Brief :: Leave the pictures out while you restate every entry below word for word.

Records for the exercise ::
——————

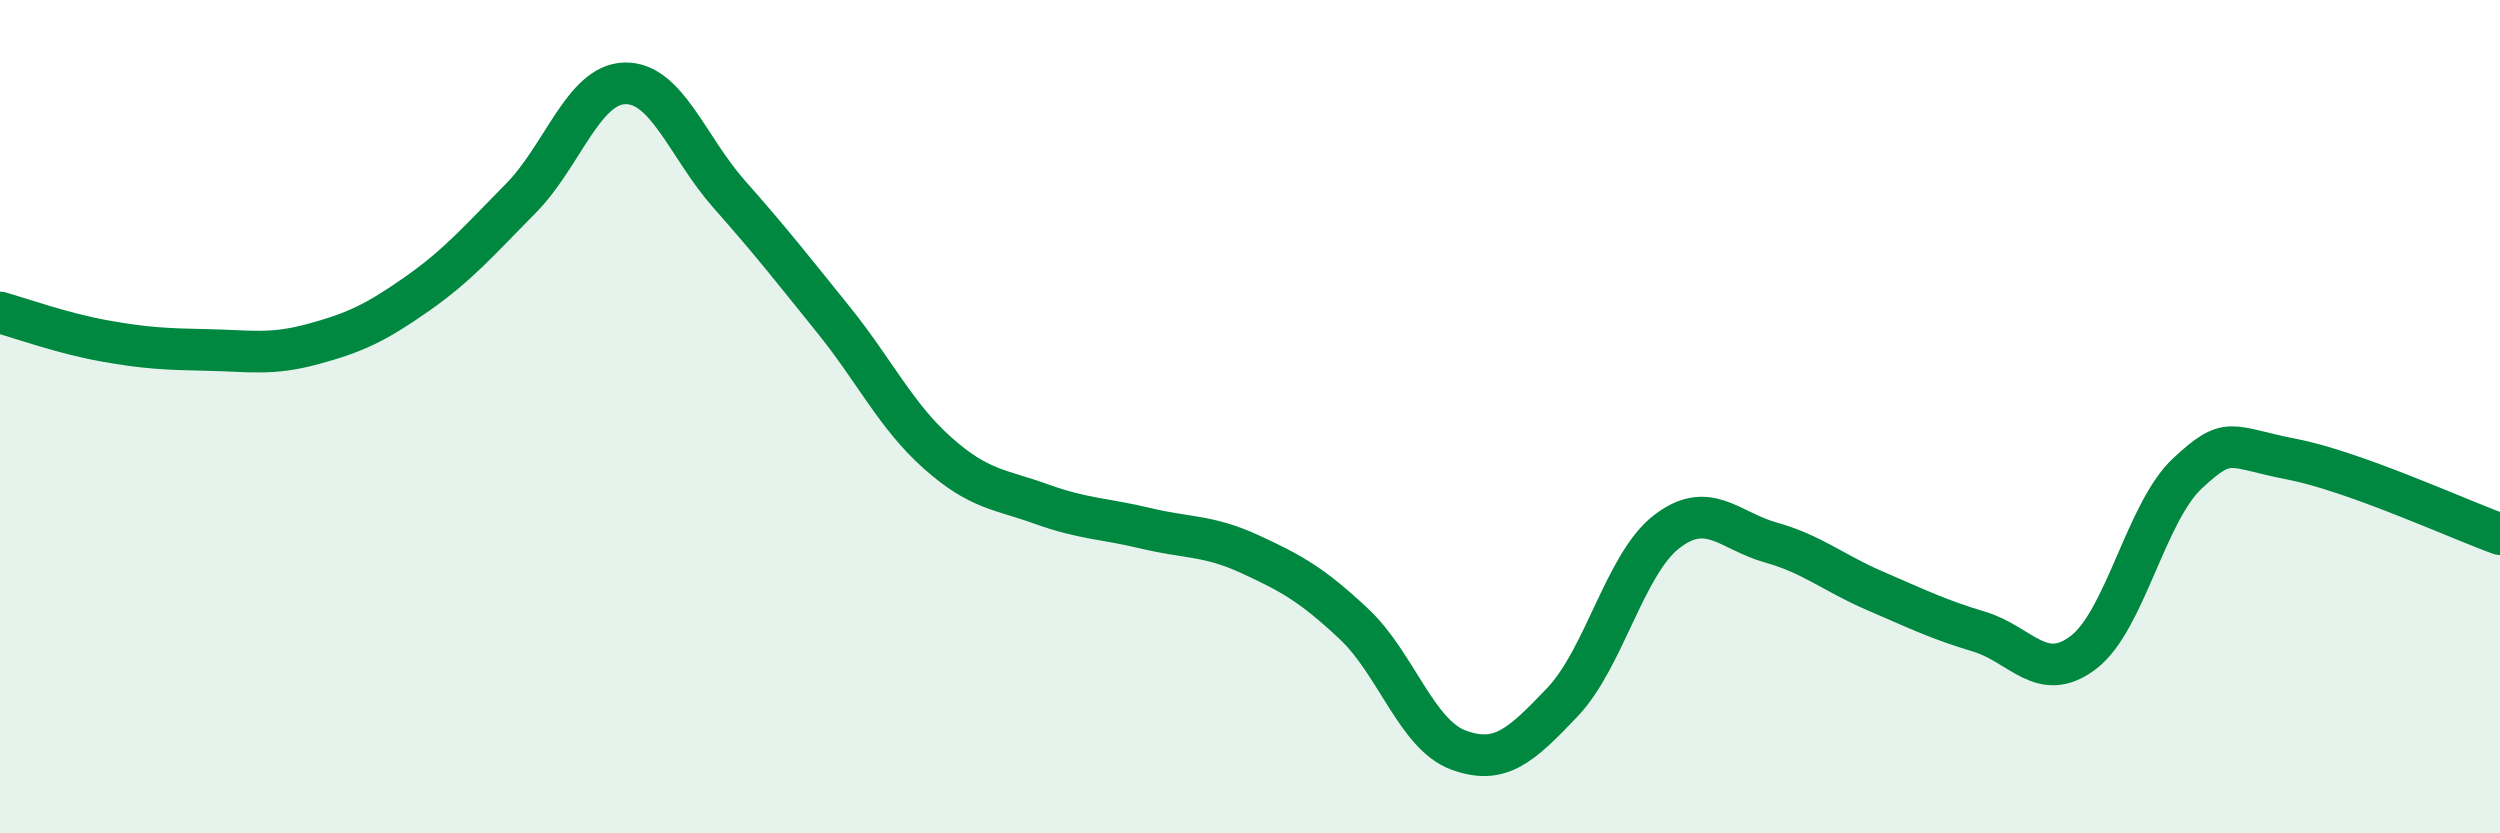 
    <svg width="60" height="20" viewBox="0 0 60 20" xmlns="http://www.w3.org/2000/svg">
      <path
        d="M 0,7.5 C 0.5,7.64 1.5,8 2.5,8.18 C 3.5,8.36 4,8.38 5,8.4 C 6,8.42 6.5,8.53 7.5,8.26 C 8.5,7.99 9,7.76 10,7.06 C 11,6.36 11.5,5.77 12.5,4.76 C 13.5,3.75 14,2.02 15,2 C 16,1.98 16.5,3.53 17.5,4.66 C 18.5,5.79 19,6.43 20,7.67 C 21,8.91 21.5,9.98 22.5,10.87 C 23.5,11.76 24,11.74 25,12.1 C 26,12.46 26.5,12.44 27.5,12.68 C 28.5,12.92 29,12.84 30,13.3 C 31,13.76 31.5,14.04 32.5,14.98 C 33.5,15.92 34,17.63 35,18 C 36,18.37 36.5,17.9 37.5,16.85 C 38.5,15.8 39,13.53 40,12.76 C 41,11.99 41.5,12.74 42.5,13.02 C 43.5,13.3 44,13.75 45,14.18 C 46,14.61 46.5,14.86 47.5,15.16 C 48.5,15.46 49,16.42 50,15.66 C 51,14.9 51.5,12.29 52.5,11.36 C 53.5,10.43 53.5,10.73 55,11.02 C 56.5,11.31 59,12.46 60,12.82L60 20L0 20Z"
        fill="#008740"
        opacity="0.1"
        stroke-linecap="round"
        stroke-linejoin="round"
      />
      <path
        d="M 0,7.5 C 0.5,7.64 1.5,8 2.5,8.18 C 3.5,8.36 4,8.38 5,8.4 C 6,8.42 6.5,8.53 7.5,8.26 C 8.5,7.99 9,7.76 10,7.06 C 11,6.36 11.5,5.77 12.5,4.76 C 13.5,3.75 14,2.02 15,2 C 16,1.98 16.5,3.53 17.5,4.66 C 18.5,5.79 19,6.43 20,7.67 C 21,8.91 21.5,9.98 22.5,10.87 C 23.5,11.76 24,11.74 25,12.1 C 26,12.46 26.5,12.44 27.5,12.68 C 28.5,12.92 29,12.84 30,13.3 C 31,13.76 31.5,14.04 32.5,14.98 C 33.5,15.92 34,17.63 35,18 C 36,18.37 36.5,17.9 37.5,16.85 C 38.5,15.8 39,13.53 40,12.76 C 41,11.99 41.5,12.74 42.5,13.02 C 43.5,13.3 44,13.75 45,14.18 C 46,14.61 46.5,14.86 47.5,15.16 C 48.5,15.46 49,16.42 50,15.66 C 51,14.9 51.5,12.29 52.5,11.36 C 53.5,10.43 53.5,10.73 55,11.02 C 56.5,11.31 59,12.46 60,12.82"
        stroke="#008740"
        stroke-width="1"
        fill="none"
        stroke-linecap="round"
        stroke-linejoin="round"
      />
    </svg>

——————

Answer to the exercise ::
    <svg width="60" height="20" viewBox="0 0 60 20" xmlns="http://www.w3.org/2000/svg">
      <path
        d="M 0,7.5 C 0.5,7.64 1.5,8 2.5,8.18 C 3.5,8.36 4,8.38 5,8.4 C 6,8.42 6.5,8.53 7.5,8.26 C 8.5,7.99 9,7.76 10,7.06 C 11,6.36 11.5,5.77 12.5,4.76 C 13.5,3.75 14,2.02 15,2 C 16,1.98 16.5,3.53 17.5,4.66 C 18.5,5.79 19,6.43 20,7.67 C 21,8.91 21.5,9.98 22.5,10.87 C 23.5,11.76 24,11.74 25,12.1 C 26,12.46 26.5,12.44 27.5,12.68 C 28.5,12.92 29,12.84 30,13.3 C 31,13.76 31.5,14.04 32.5,14.98 C 33.5,15.92 34,17.63 35,18 C 36,18.37 36.5,17.9 37.5,16.85 C 38.5,15.8 39,13.53 40,12.76 C 41,11.99 41.5,12.74 42.5,13.02 C 43.5,13.3 44,13.75 45,14.18 C 46,14.61 46.5,14.86 47.5,15.16 C 48.5,15.46 49,16.42 50,15.66 C 51,14.9 51.5,12.29 52.5,11.36 C 53.5,10.43 53.5,10.73 55,11.02 C 56.5,11.31 59,12.46 60,12.82L60 20L0 20Z"
        fill="#008740"
        opacity="0.1"
        stroke-linecap="round"
        stroke-linejoin="round"
      />
      <path
        d="M 0,7.5 C 0.5,7.64 1.5,8 2.5,8.18 C 3.5,8.36 4,8.38 5,8.4 C 6,8.42 6.5,8.53 7.5,8.26 C 8.5,7.99 9,7.76 10,7.06 C 11,6.36 11.5,5.77 12.5,4.76 C 13.5,3.75 14,2.02 15,2 C 16,1.98 16.5,3.53 17.5,4.66 C 18.5,5.79 19,6.43 20,7.67 C 21,8.91 21.5,9.98 22.5,10.87 C 23.5,11.76 24,11.74 25,12.1 C 26,12.46 26.5,12.44 27.5,12.68 C 28.5,12.92 29,12.84 30,13.3 C 31,13.76 31.5,14.04 32.5,14.98 C 33.5,15.92 34,17.63 35,18 C 36,18.37 36.5,17.9 37.5,16.85 C 38.5,15.8 39,13.53 40,12.76 C 41,11.99 41.5,12.74 42.5,13.02 C 43.5,13.3 44,13.75 45,14.18 C 46,14.61 46.5,14.86 47.5,15.16 C 48.5,15.46 49,16.42 50,15.66 C 51,14.9 51.5,12.29 52.5,11.36 C 53.5,10.43 53.5,10.73 55,11.02 C 56.5,11.31 59,12.46 60,12.82"
        stroke="#008740"
        stroke-width="1"
        fill="none"
        stroke-linecap="round"
        stroke-linejoin="round"
      />
    </svg>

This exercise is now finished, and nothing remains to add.